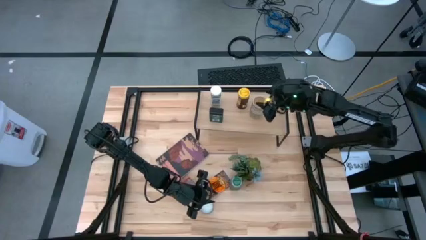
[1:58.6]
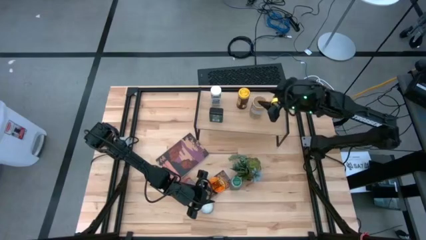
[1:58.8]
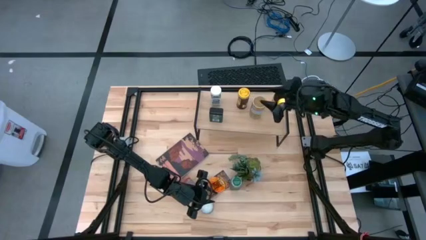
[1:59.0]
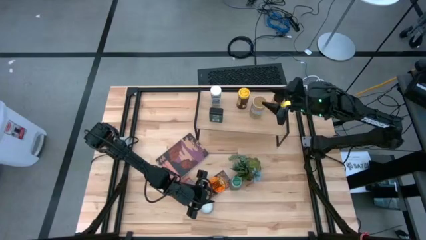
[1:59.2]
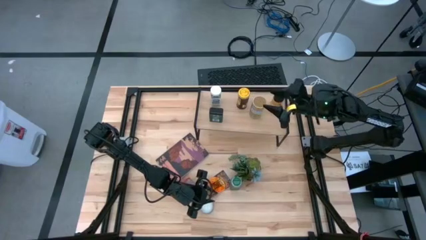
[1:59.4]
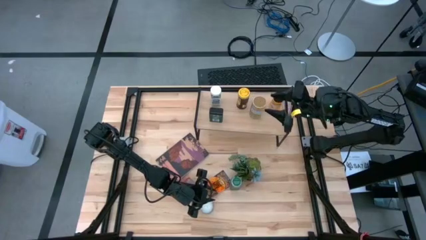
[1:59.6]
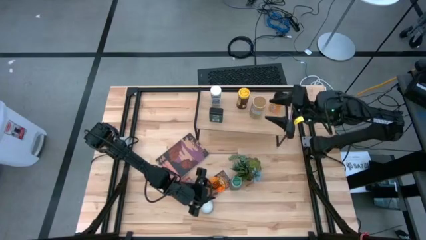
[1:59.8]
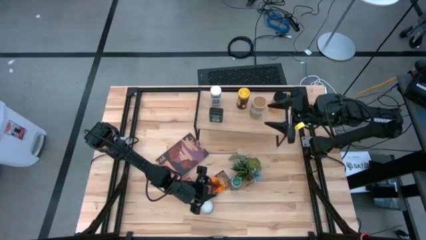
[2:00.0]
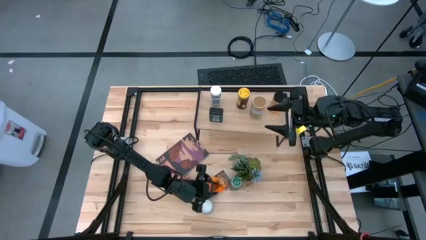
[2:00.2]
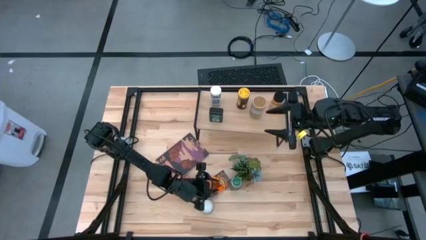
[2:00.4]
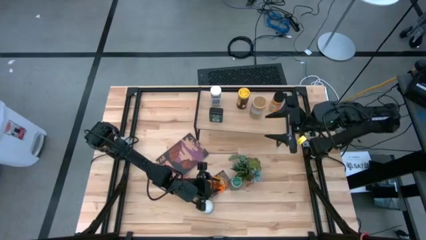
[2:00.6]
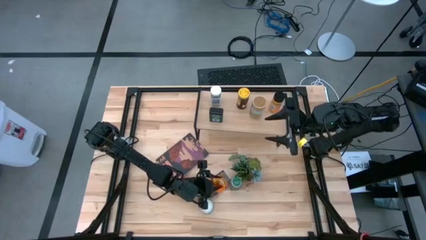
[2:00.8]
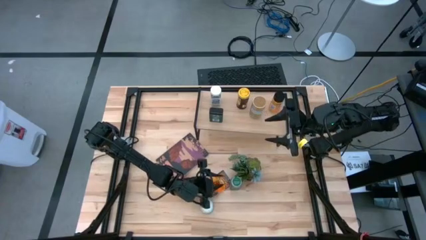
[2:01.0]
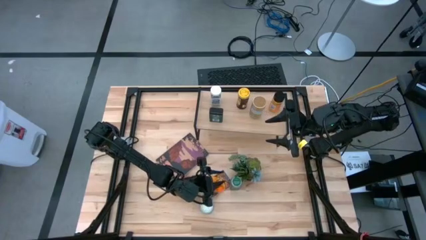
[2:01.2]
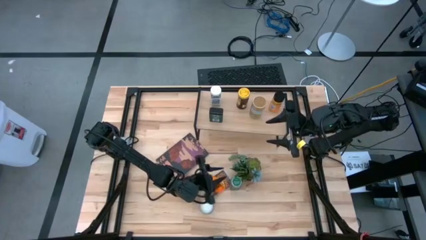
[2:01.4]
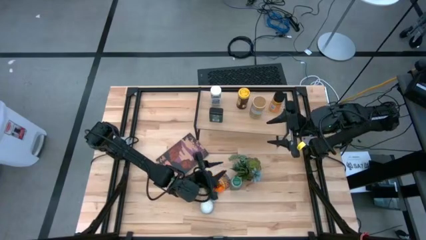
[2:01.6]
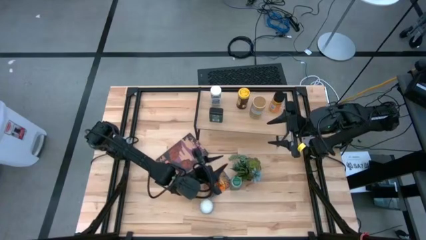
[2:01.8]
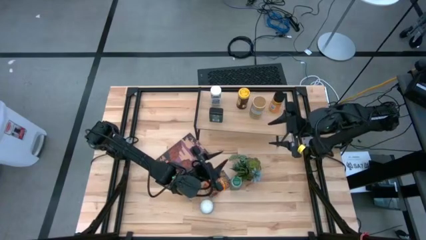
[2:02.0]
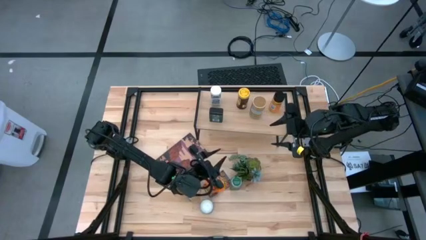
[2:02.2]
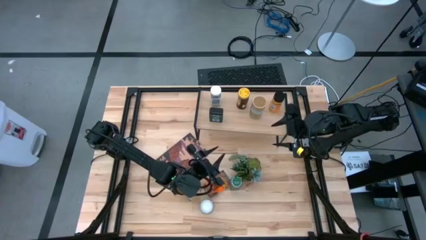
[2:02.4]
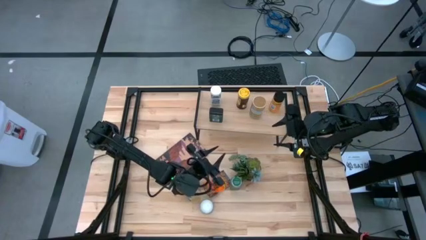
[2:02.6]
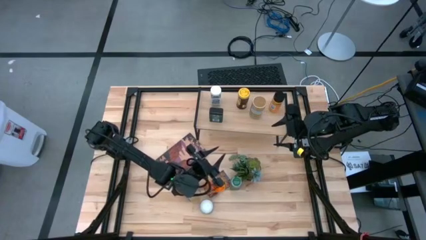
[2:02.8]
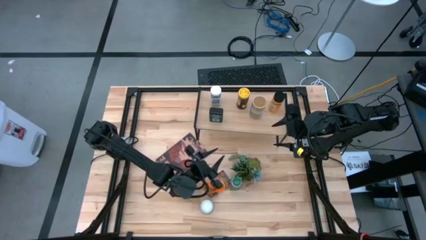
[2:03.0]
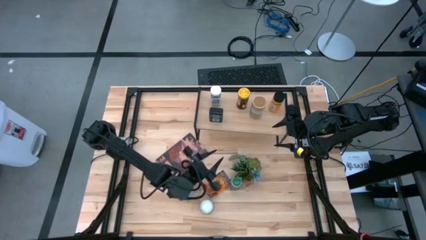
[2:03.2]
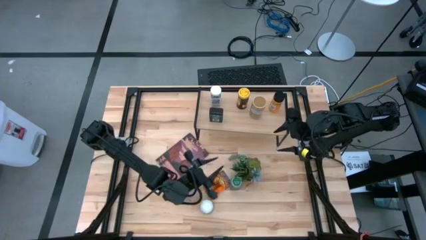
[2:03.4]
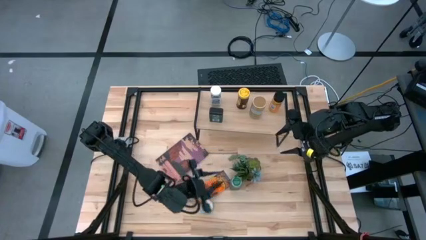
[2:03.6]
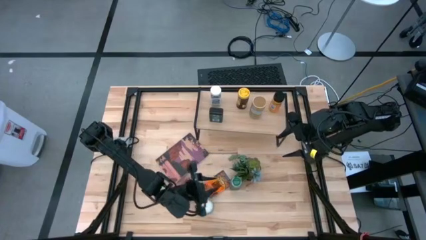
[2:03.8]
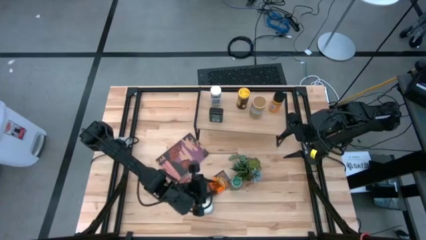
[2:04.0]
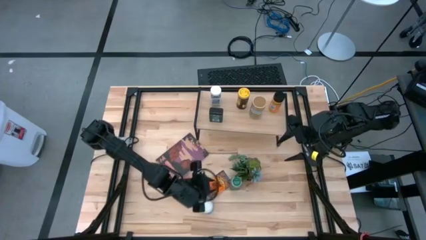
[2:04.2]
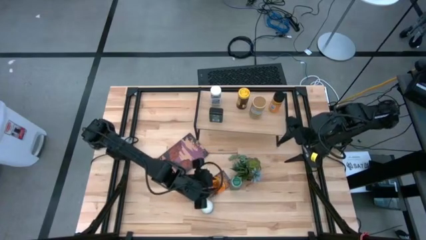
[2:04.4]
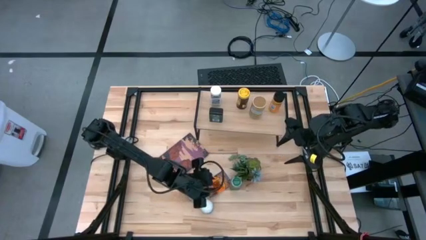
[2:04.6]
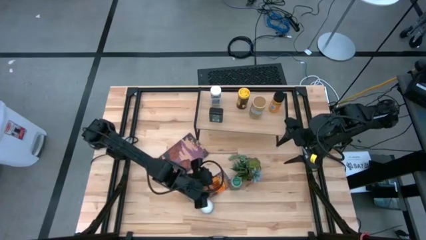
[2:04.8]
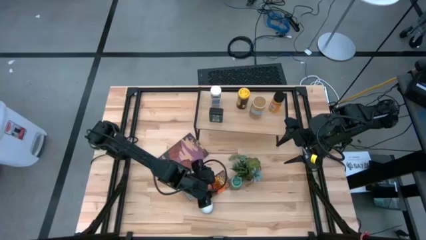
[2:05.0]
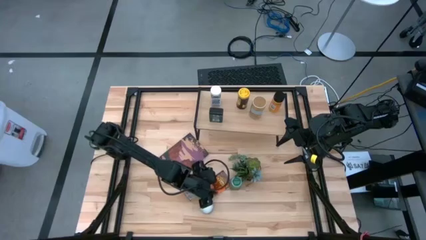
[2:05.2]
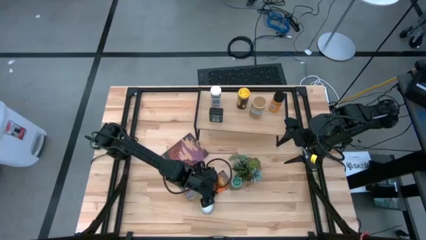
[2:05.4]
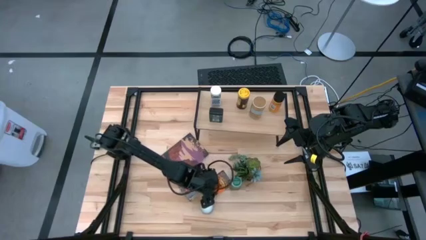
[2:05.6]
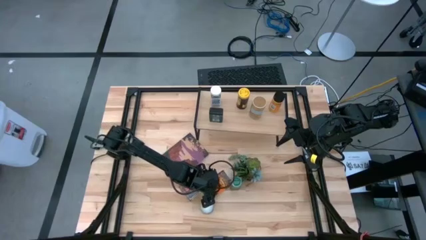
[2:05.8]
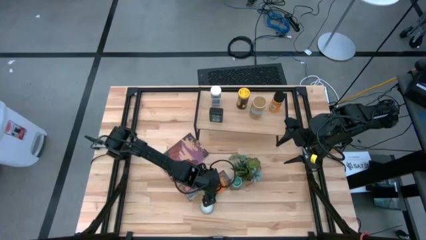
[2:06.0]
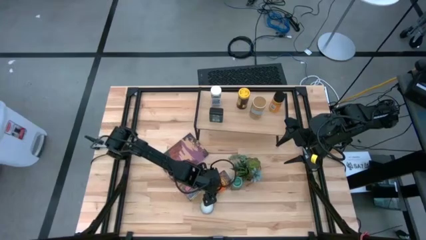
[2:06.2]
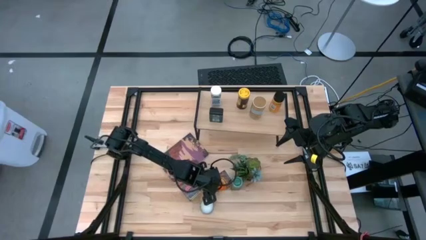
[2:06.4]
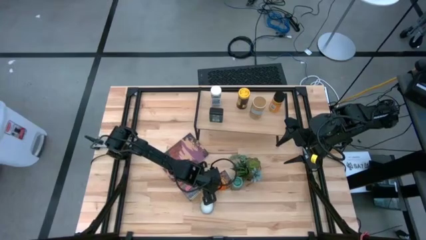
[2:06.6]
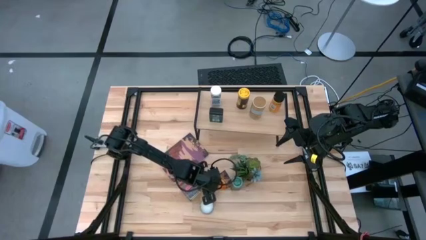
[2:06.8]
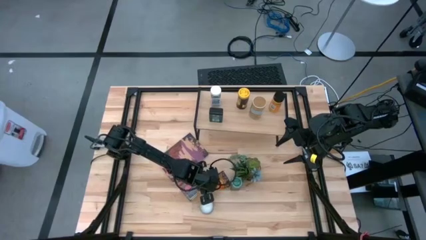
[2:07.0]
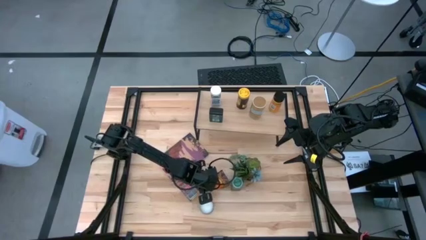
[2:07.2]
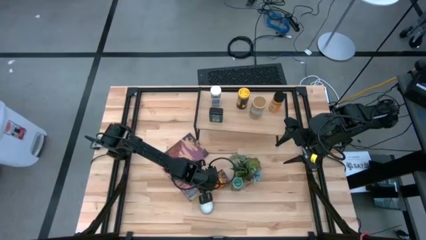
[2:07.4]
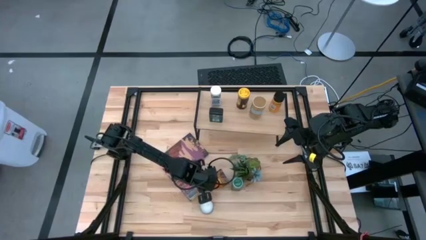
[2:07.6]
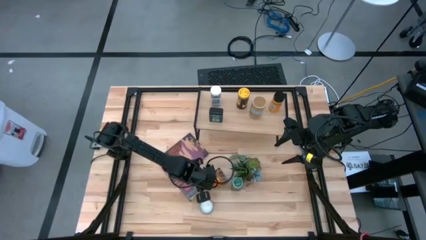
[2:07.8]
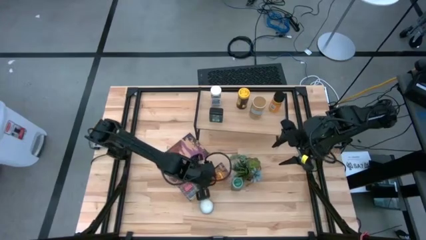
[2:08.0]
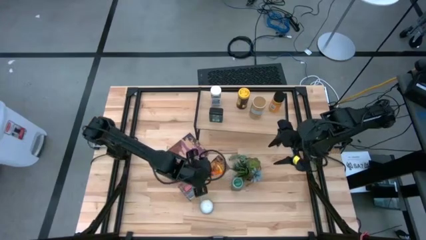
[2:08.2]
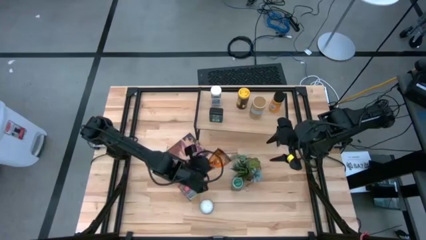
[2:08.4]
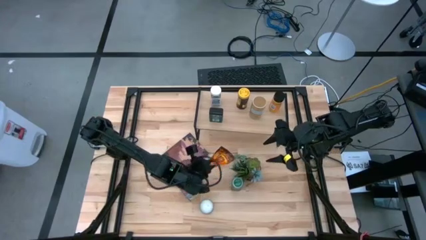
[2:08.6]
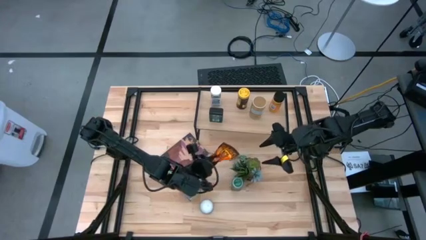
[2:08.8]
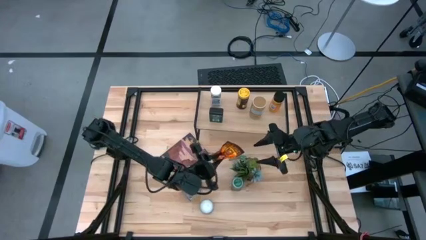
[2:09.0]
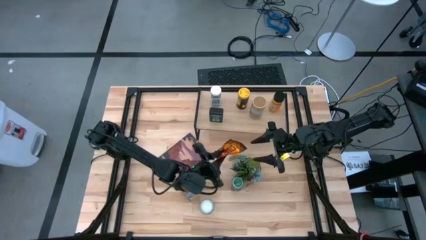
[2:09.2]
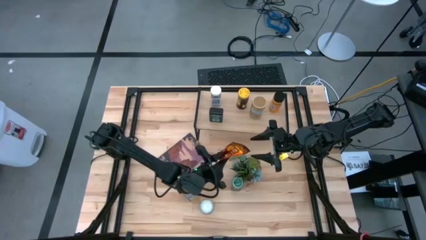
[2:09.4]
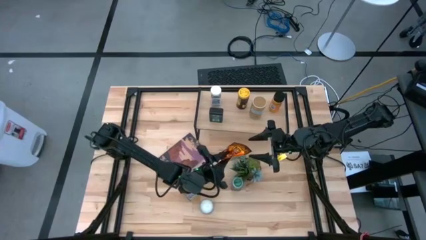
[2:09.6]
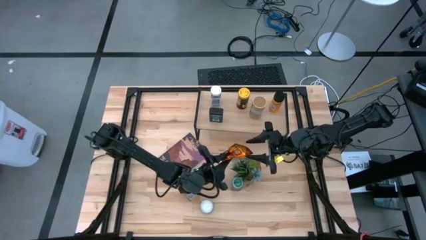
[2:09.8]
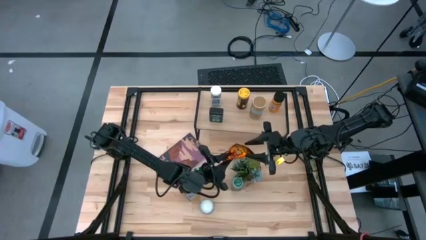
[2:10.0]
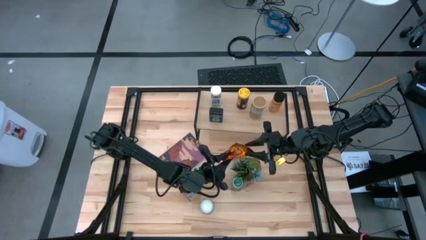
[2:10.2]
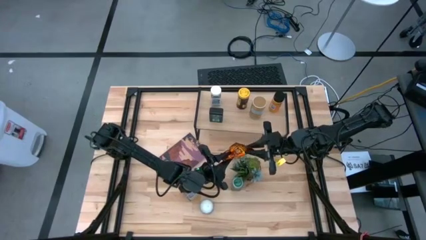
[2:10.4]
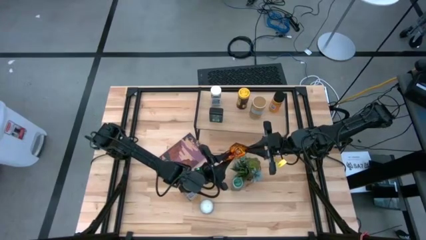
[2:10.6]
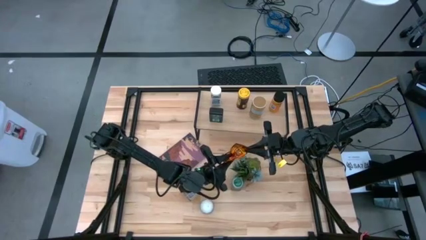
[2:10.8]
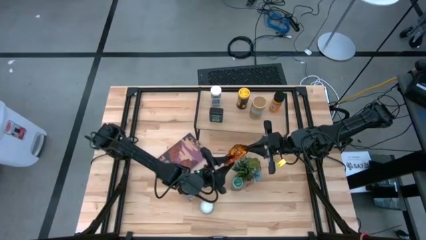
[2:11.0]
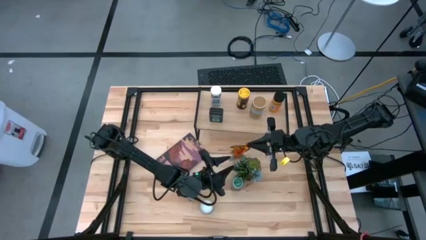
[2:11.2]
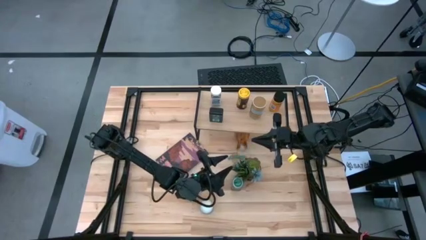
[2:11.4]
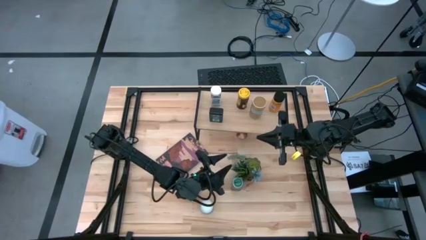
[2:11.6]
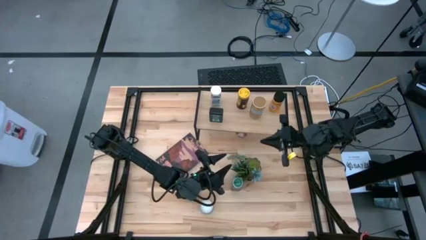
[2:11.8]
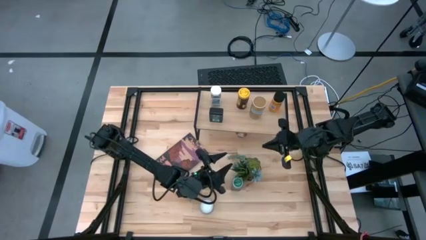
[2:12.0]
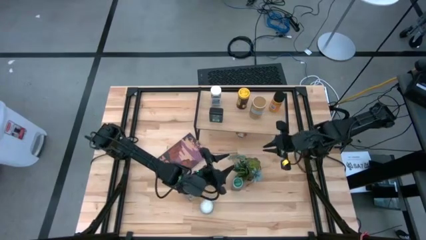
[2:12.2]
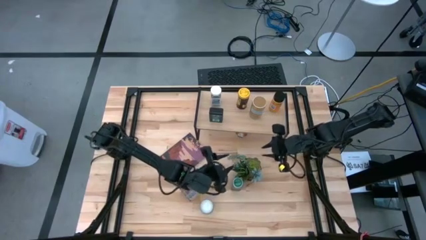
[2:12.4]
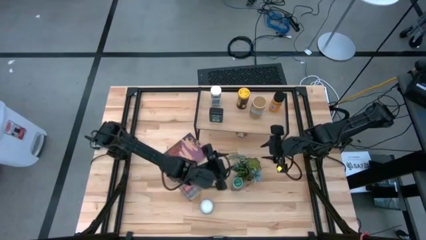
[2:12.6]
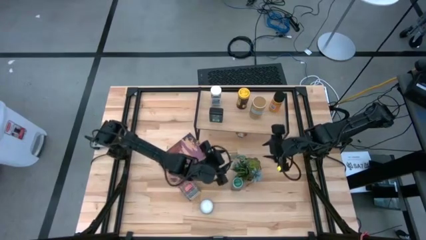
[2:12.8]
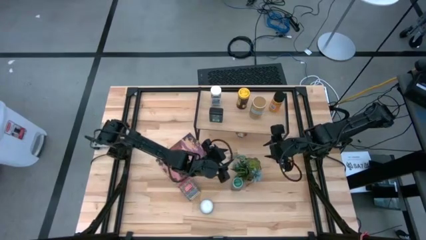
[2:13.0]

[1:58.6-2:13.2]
Task: Shelf spices
Put the orange seasoning bag on the shelf
--------
Output the records above exactly as written, but leave out the pictures.

[1:58.6]
[1:58.8]
[1:59.0]
[1:59.2]
[1:59.4]
[1:59.6]
[1:59.8]
[2:00.0]
[2:00.2]
[2:00.4]
[2:00.6]
[2:00.8]
[2:01.0]
[2:01.2]
[2:01.4]
[2:01.6]
[2:01.8]
[2:02.0]
[2:02.2]
[2:02.4]
[2:02.6]
[2:02.8]
[2:03.0]
[2:03.2]
[2:03.4]
[2:03.6]
[2:03.8]
[2:04.0]
[2:04.2]
[2:04.4]
[2:04.6]
[2:04.8]
[2:05.0]
[2:05.2]
[2:05.4]
[2:05.6]
[2:05.8]
[2:06.0]
[2:06.2]
[2:06.4]
[2:06.6]
[2:06.8]
[2:07.0]
[2:07.2]
[2:07.4]
[2:07.6]
[2:07.8]
[2:08.0]
[2:08.2]
[2:08.4]
[2:08.6]
[2:08.8]
[2:09.0]
[2:09.2]
[2:09.4]
[2:09.6]
[2:09.8]
[2:10.0]
[2:10.2]
[2:10.4]
[2:10.6]
[2:10.8]
[2:11.0]
[2:11.2]
[2:11.4]
[2:11.6]
[2:11.8]
[2:12.0]
[2:12.2]
[2:12.4]
[2:12.6]
[2:12.8]
[2:13.0]

[1:58.6-2:13.2]
Task: Shelf spices
Put the orange seasoning bag on the shelf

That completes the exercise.